THE DATA:

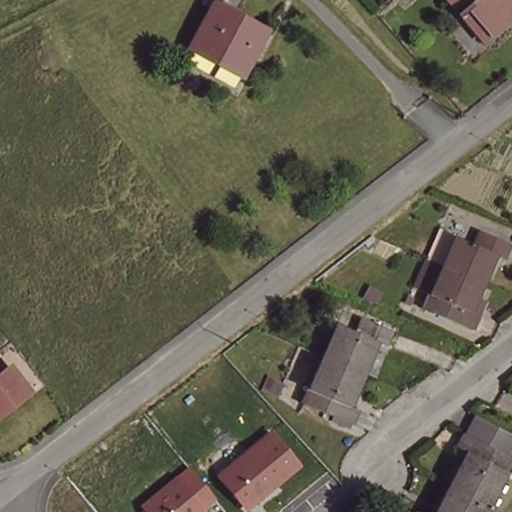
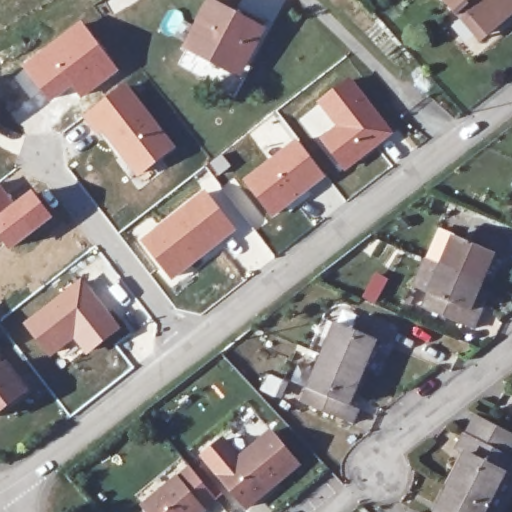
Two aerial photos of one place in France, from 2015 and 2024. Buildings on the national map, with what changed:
unchanged [(260,24),(237,69),(185,43),(207,0),(214,0),(260,24)]
unchanged [(457,14),(445,0),(512,0),(512,14),(490,34),(482,42),(457,14)]
new [(80,18),(119,70),(80,99),(72,88),(47,103),(18,65),(80,18)]
new [(395,132),(345,172),(314,139),(297,119),(315,102),(349,75),(395,132)]
new [(124,80),(177,147),(136,178),(100,135),(98,137),(81,116),(124,80)]
new [(295,137),(327,176),(272,218),(240,179),(295,137)]
new [(0,216),(0,185),(15,202),(0,216)]
new [(203,187),(237,229),(170,281),(137,238),(203,187)]
new [(33,190),(54,218),(8,252),(0,241),(0,216),(15,202),(33,190)]
unchanged [(433,263),(432,262),(447,225),(460,230),(485,238),(490,226),(512,235),(512,240),(508,248),(501,246),(478,304),(483,306),(477,319),(428,305),(436,287),(423,283),(433,263)]
new [(82,275),(122,327),(86,356),(73,340),(49,358),(21,322),(82,275)]
unchanged [(388,322),(382,337),(375,335),(351,401),(357,404),(352,421),(298,401),(331,317),(357,326),(363,312),(388,322)]
unchanged [(6,360),(25,386),(0,405),(0,361),(2,363),(6,360)]
unchanged [(455,431),(465,410),(505,429),(497,449),(455,431)]
unchanged [(247,509),(218,474),(202,458),(222,442),(236,458),(272,429),(301,466),(247,509)]
unchanged [(448,443),(453,429),(455,431),(497,449),(505,453),(498,467),(512,474),(512,475),(502,503),(498,512),(431,512),(457,448),(448,443)]
unchanged [(202,505),(205,512),(148,512),(142,505),(175,477),(189,466),(215,497),(202,505)]
unchanged [(429,512),(417,512),(418,507),(429,512)]

TASK DESCRIPTION: Please set down every record above exactly as it appears, leaving out the pictures.

EXERCISE OUTPUT:
Two aerial photos of one place in France, from 2015 and 2024. Buildings on the national map, with what changed:
unchanged [(260,24),(237,69),(185,43),(207,0),(214,0),(260,24)]
unchanged [(457,14),(445,0),(512,0),(512,14),(490,34),(482,42),(457,14)]
new [(80,18),(119,70),(80,99),(72,88),(47,103),(18,65),(80,18)]
new [(395,132),(345,172),(314,139),(297,119),(315,102),(349,75),(395,132)]
new [(124,80),(177,147),(136,178),(100,135),(98,137),(81,116),(124,80)]
new [(295,137),(327,176),(272,218),(240,179),(295,137)]
new [(0,216),(0,185),(15,202),(0,216)]
new [(203,187),(237,229),(170,281),(137,238),(203,187)]
new [(33,190),(54,218),(8,252),(0,241),(0,216),(15,202),(33,190)]
unchanged [(433,263),(432,262),(447,225),(460,230),(485,238),(490,226),(512,235),(512,240),(508,248),(501,246),(478,304),(483,306),(477,319),(428,305),(436,287),(423,283),(433,263)]
new [(82,275),(122,327),(86,356),(73,340),(49,358),(21,322),(82,275)]
unchanged [(388,322),(382,337),(375,335),(351,401),(357,404),(352,421),(298,401),(331,317),(357,326),(363,312),(388,322)]
unchanged [(6,360),(25,386),(0,405),(0,361),(2,363),(6,360)]
unchanged [(455,431),(465,410),(505,429),(497,449),(455,431)]
unchanged [(247,509),(218,474),(202,458),(222,442),(236,458),(272,429),(301,466),(247,509)]
unchanged [(448,443),(453,429),(455,431),(497,449),(505,453),(498,467),(512,474),(512,475),(502,503),(498,512),(431,512),(457,448),(448,443)]
unchanged [(202,505),(205,512),(148,512),(142,505),(175,477),(189,466),(215,497),(202,505)]
unchanged [(429,512),(417,512),(418,507),(429,512)]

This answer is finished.